[PROBLEM]:
When you transcribe the listing that follows, keep every line exact and omit the pictures.

[Start of section]

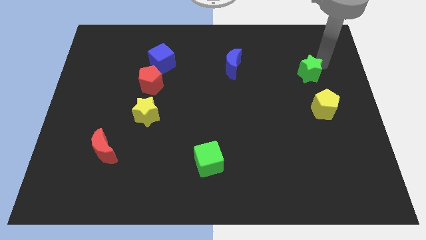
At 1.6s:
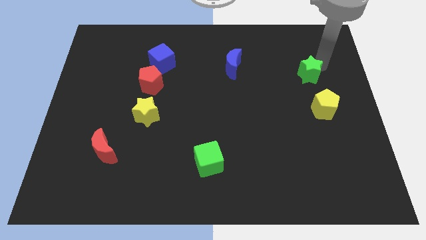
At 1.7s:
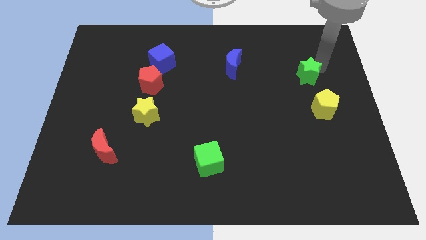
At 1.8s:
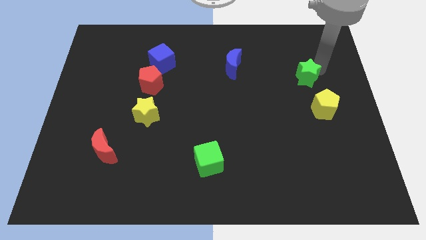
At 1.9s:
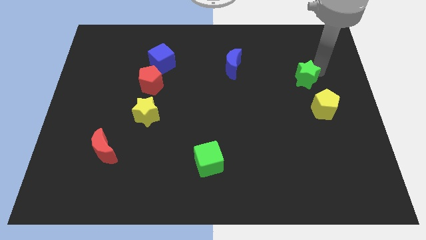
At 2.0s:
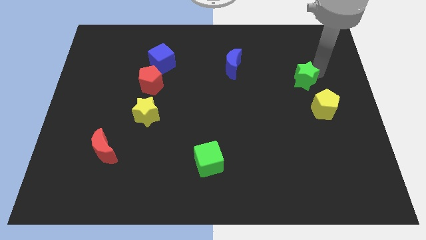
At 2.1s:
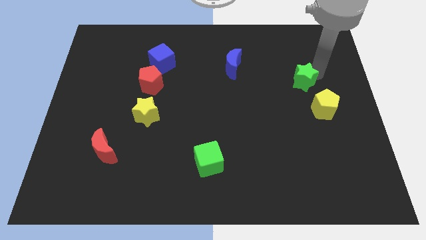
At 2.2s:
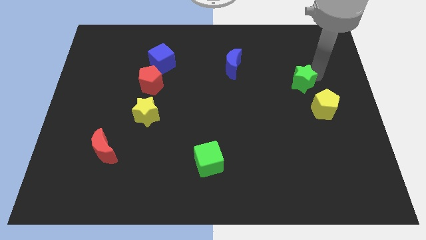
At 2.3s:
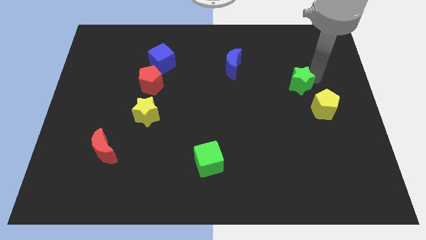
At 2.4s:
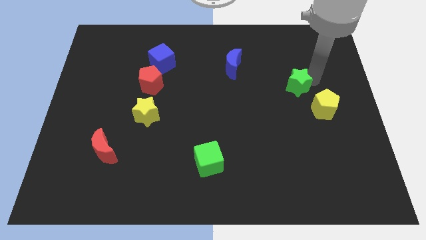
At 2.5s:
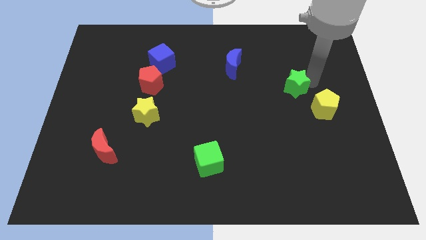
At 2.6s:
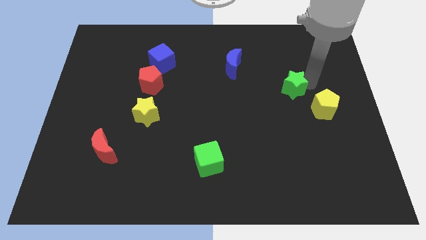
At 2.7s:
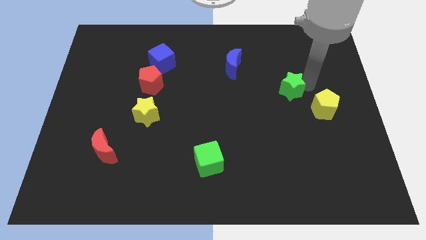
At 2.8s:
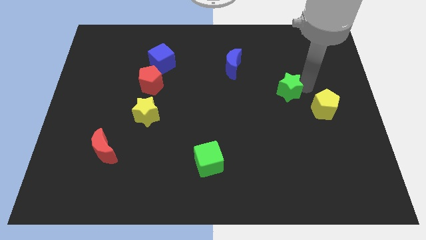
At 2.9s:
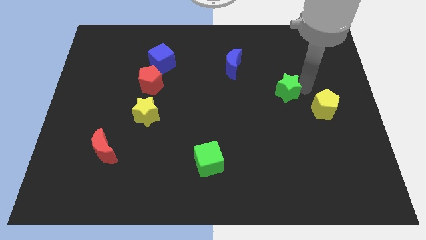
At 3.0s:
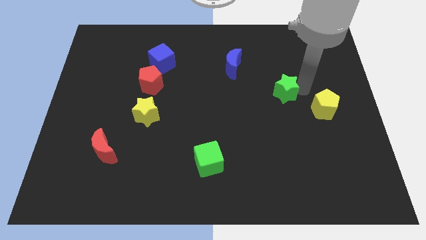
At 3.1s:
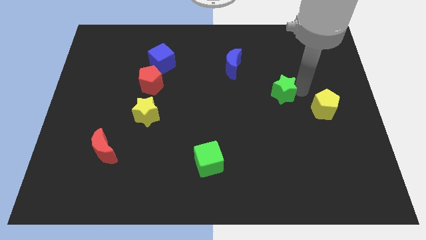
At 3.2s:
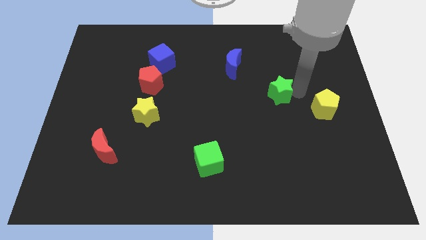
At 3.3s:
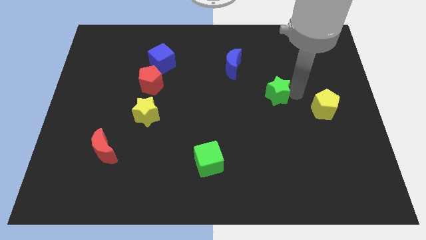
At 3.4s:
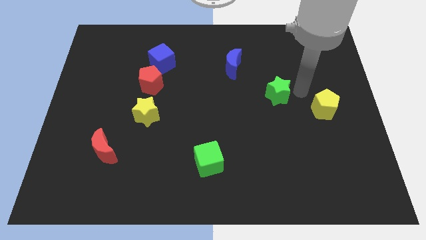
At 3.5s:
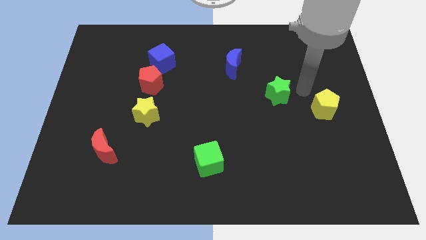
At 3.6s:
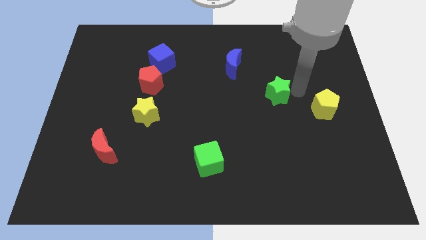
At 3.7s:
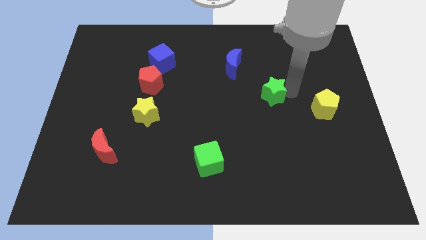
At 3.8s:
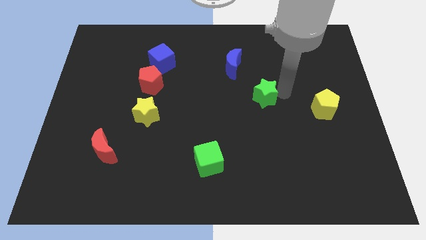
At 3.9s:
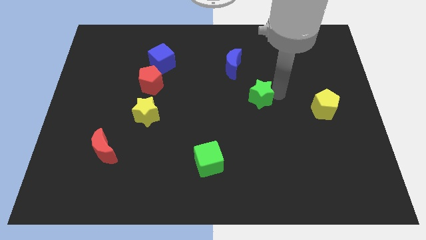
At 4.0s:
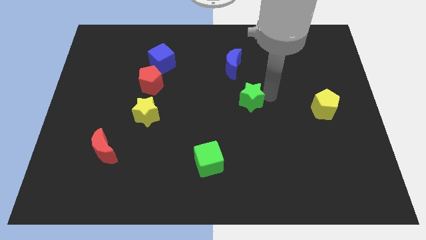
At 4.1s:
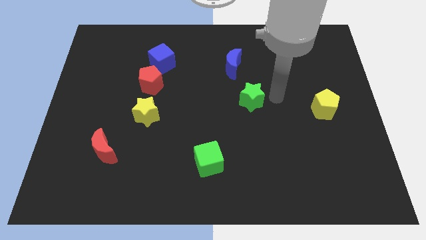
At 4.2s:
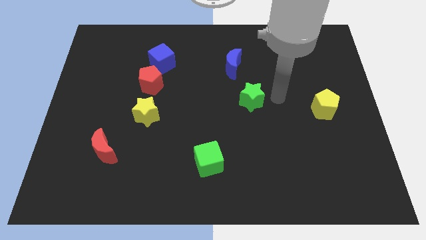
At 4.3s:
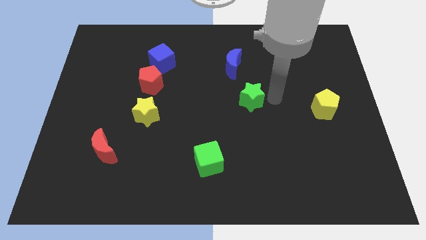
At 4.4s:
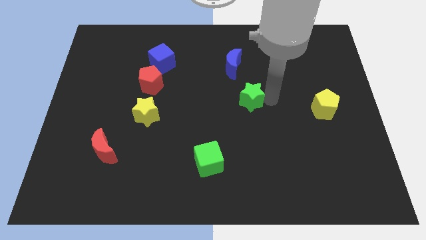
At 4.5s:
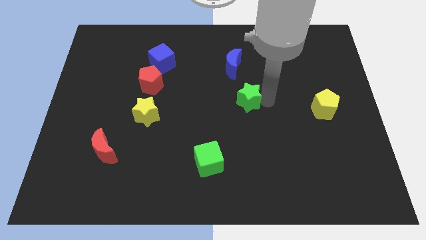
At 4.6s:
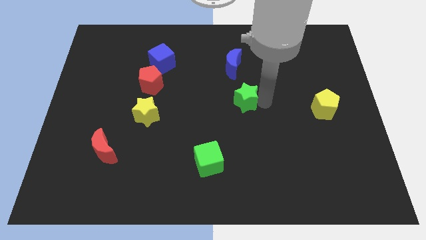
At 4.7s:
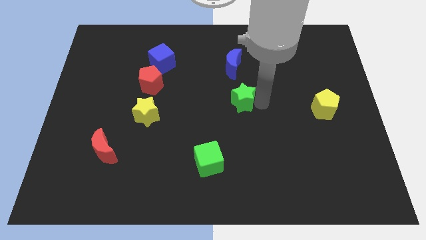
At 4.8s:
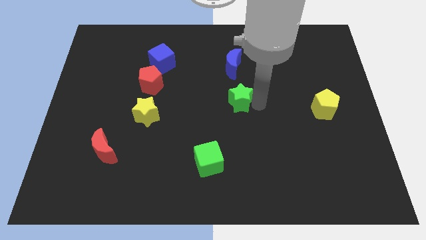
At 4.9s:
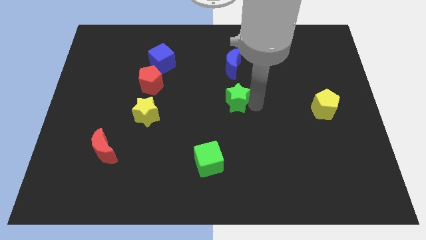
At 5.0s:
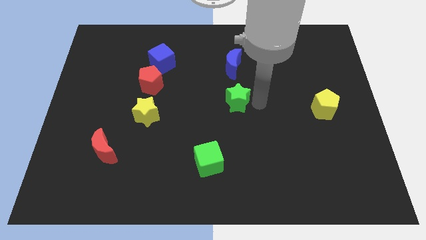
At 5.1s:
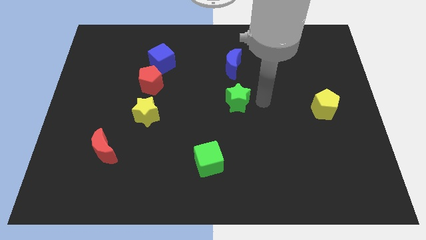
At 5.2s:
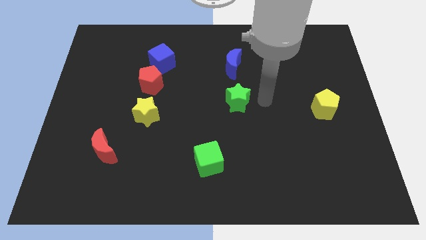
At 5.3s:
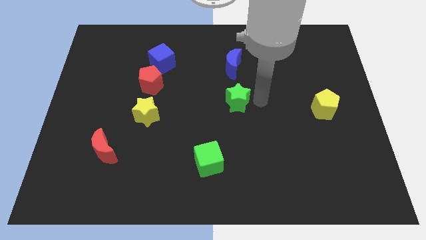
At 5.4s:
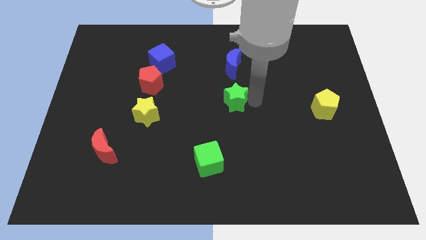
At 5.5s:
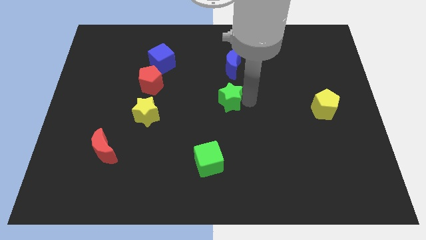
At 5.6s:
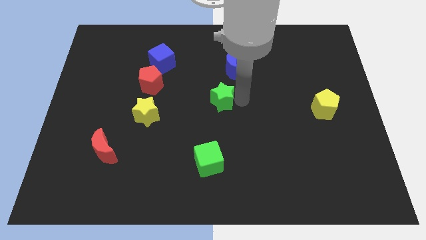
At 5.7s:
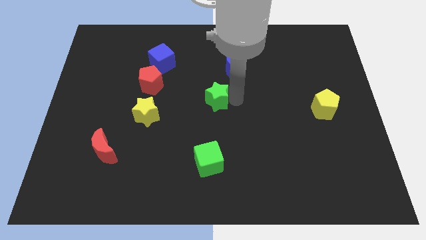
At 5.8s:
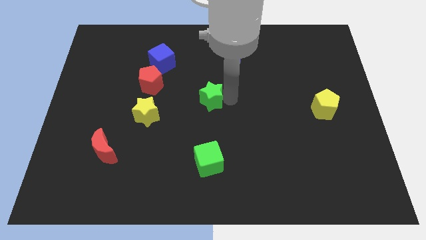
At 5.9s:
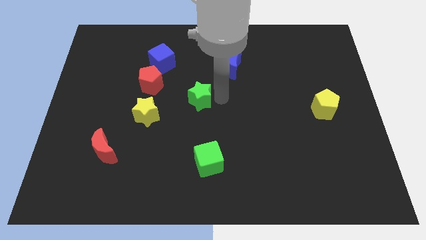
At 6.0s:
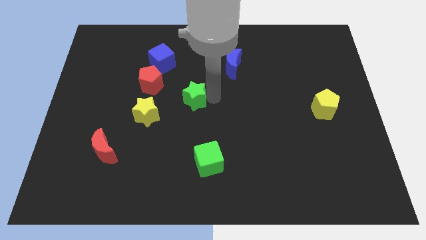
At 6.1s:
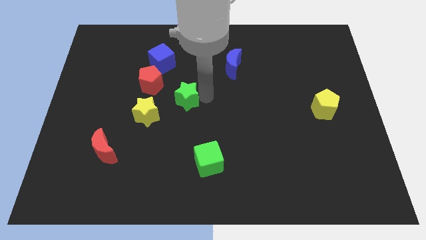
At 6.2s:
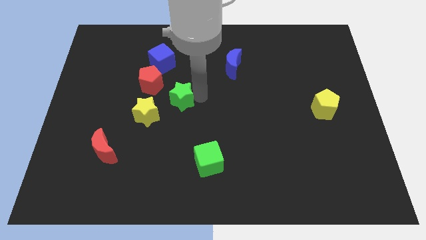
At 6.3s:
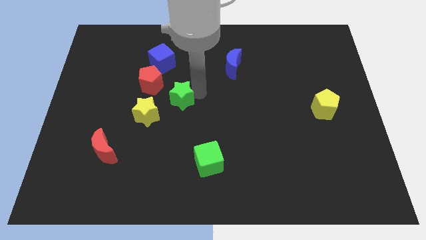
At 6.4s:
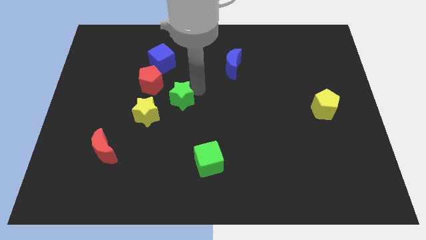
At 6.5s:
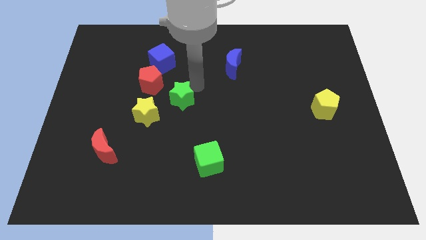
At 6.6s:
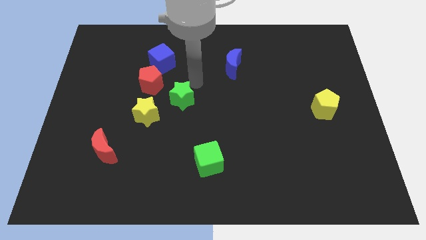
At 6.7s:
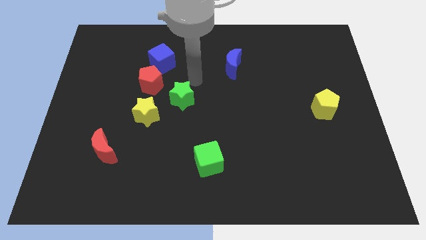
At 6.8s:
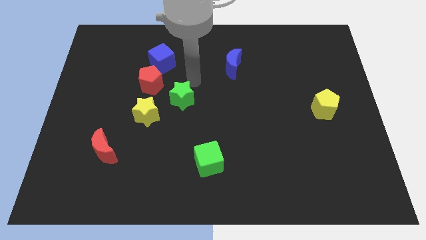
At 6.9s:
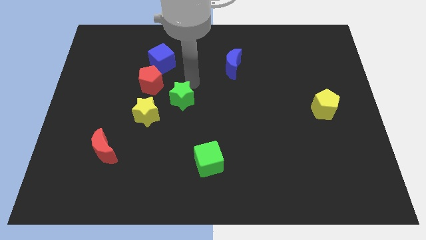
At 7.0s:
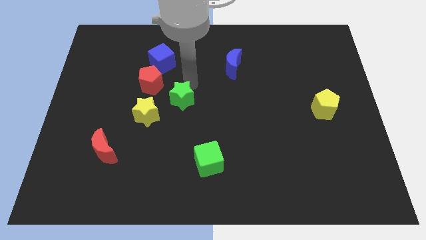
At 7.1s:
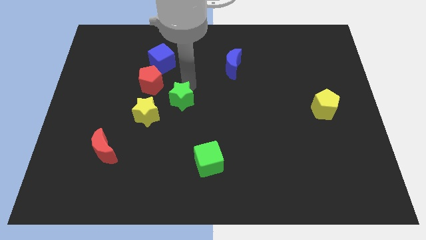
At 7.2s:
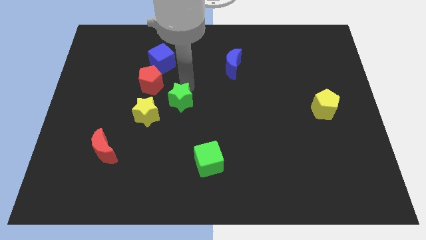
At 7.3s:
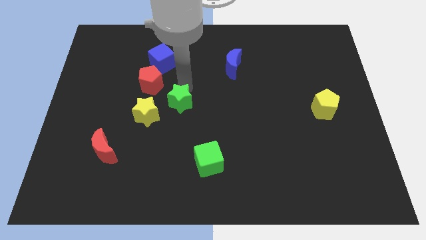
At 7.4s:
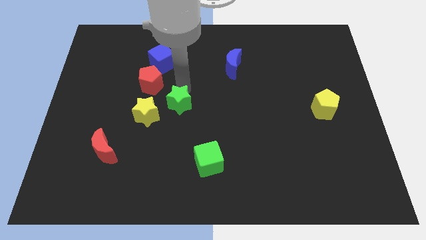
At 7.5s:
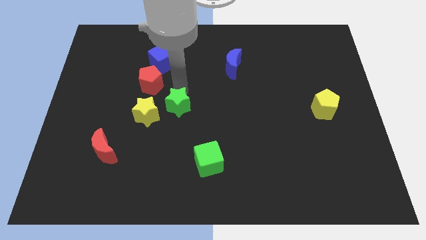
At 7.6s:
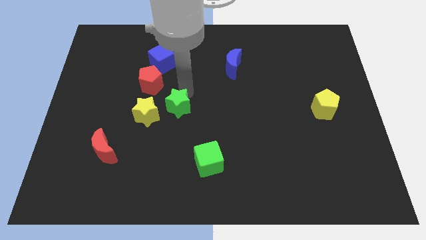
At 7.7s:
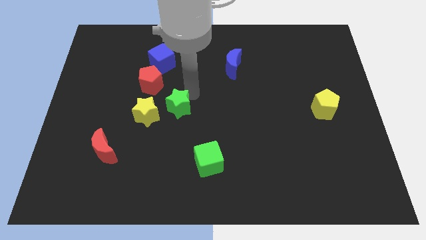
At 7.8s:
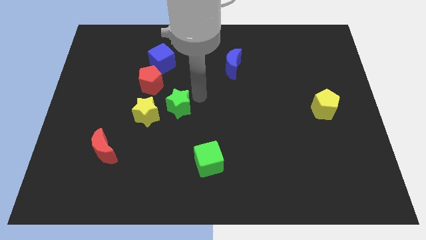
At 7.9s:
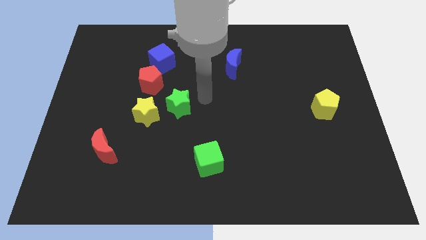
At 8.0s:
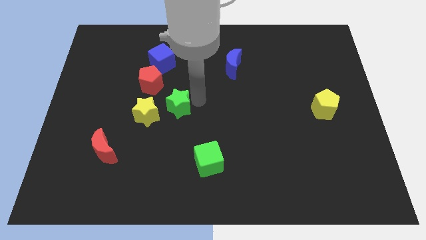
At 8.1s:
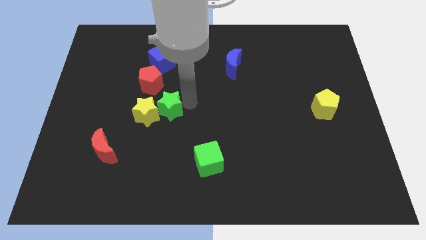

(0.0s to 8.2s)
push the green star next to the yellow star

[End of section]

[TASK ANSWER]:
At 1.6s:
At 1.7s:
At 1.8s:
At 1.9s:
At 2.0s:
At 2.1s:
At 2.2s:
At 2.3s:
At 2.4s:
At 2.5s:
At 2.6s:
At 2.7s:
At 2.8s:
At 2.9s:
At 3.0s:
At 3.1s:
At 3.2s:
At 3.3s:
At 3.4s:
At 3.5s:
At 3.6s:
At 3.7s:
At 3.8s:
At 3.9s:
At 4.0s:
At 4.1s:
At 4.2s:
At 4.3s:
At 4.4s:
At 4.5s:
At 4.6s:
At 4.7s:
At 4.8s:
At 4.9s:
At 5.0s:
At 5.1s:
At 5.2s:
At 5.3s:
At 5.4s:
At 5.5s:
At 5.6s:
At 5.7s:
At 5.8s:
At 5.9s:
At 6.0s:
At 6.1s:
At 6.2s:
At 6.3s:
At 6.4s:
At 6.5s:
At 6.6s:
At 6.7s:
At 6.8s:
At 6.9s:
At 7.0s:
At 7.1s:
At 7.2s:
At 7.3s:
At 7.4s:
At 7.5s:
At 7.6s:
At 7.7s:
At 7.8s:
At 7.9s:
At 8.0s:
At 8.1s:

(0.0s to 8.2s)
push the green star next to the yellow star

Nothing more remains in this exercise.